The fix turns out to be a derivation. If σ(r) is the per-point range noise model for the Ouster OS1-64, propagating σ through the per-cell principal-component analysis gives a formula whose inputs already exist in the code. The Phase-1 path computes the cell’s eigendecomposition and discards the eigenvalues; the new path keeps them, plugs them into a three-factor formula, and lands the result behind a confidence_mode config switch.

The plan I wrote at the start of this milestone predicted that the new formula would give lower confidence than the heuristic at far range. The opposite is closer to true. Working through the algebra with realistic per-cell parameters, the curves cross around r ≈ 10 m; from there out to wherever the data ends, the new formula reads consistently higher.
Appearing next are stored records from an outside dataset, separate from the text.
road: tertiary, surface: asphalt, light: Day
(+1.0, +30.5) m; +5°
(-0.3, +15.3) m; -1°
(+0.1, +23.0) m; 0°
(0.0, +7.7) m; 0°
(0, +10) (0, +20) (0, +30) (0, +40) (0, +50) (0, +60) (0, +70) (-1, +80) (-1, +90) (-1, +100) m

The headline finding is not that the heuristic was too generous at far range. It is that the heuristic was systematically discarding evidence the planner could have been using.
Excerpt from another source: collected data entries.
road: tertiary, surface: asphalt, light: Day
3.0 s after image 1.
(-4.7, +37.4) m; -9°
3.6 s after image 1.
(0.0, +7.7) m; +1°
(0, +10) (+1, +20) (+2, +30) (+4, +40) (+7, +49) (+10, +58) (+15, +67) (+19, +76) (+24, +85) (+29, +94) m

What this builds, and what was already there

The traversability grid that ships in the Phase-1 milestone consumes a per-frame LiDAR point cloud, segments out the ground via sector-based RANSAC, bins the obstacle points into a 0.5 m grid (extent x ∈ [-5, 30] m, y ∈ [-15, 15] m, forward-biased because the supervisor only acts on terrain ahead of the vehicle), and writes a risk (in [0, 1]) and a confidence (in [0, 1]) for each cell. The risk is computed from a vehicle-aware penalty function over slope, roughness, and step height [Wermelinger et al., 2016]. The confidence is

\[c_{\text{heur}}(N, r) = \min\!\left(1, \tfrac{N}{20}\right) \cdot \max\!\left(0, 1 - \tfrac{r}{30}\right)\]

where $N$ is the number of LiDAR returns in the cell and $r$ is the mean range from the sensor to those returns. The intuition is correct in both factors. More returns mean better statistics, so confidence should rise with $N$ and saturate. Returns at greater range carry larger spatial uncertainty, so confidence should fall with $r$. The Phase-1 implementation chose specific functional forms for “rise with $N$” (linear, saturating at 20) and “fall with $r$” (linear, zero at 30) without deriving them from anything physical.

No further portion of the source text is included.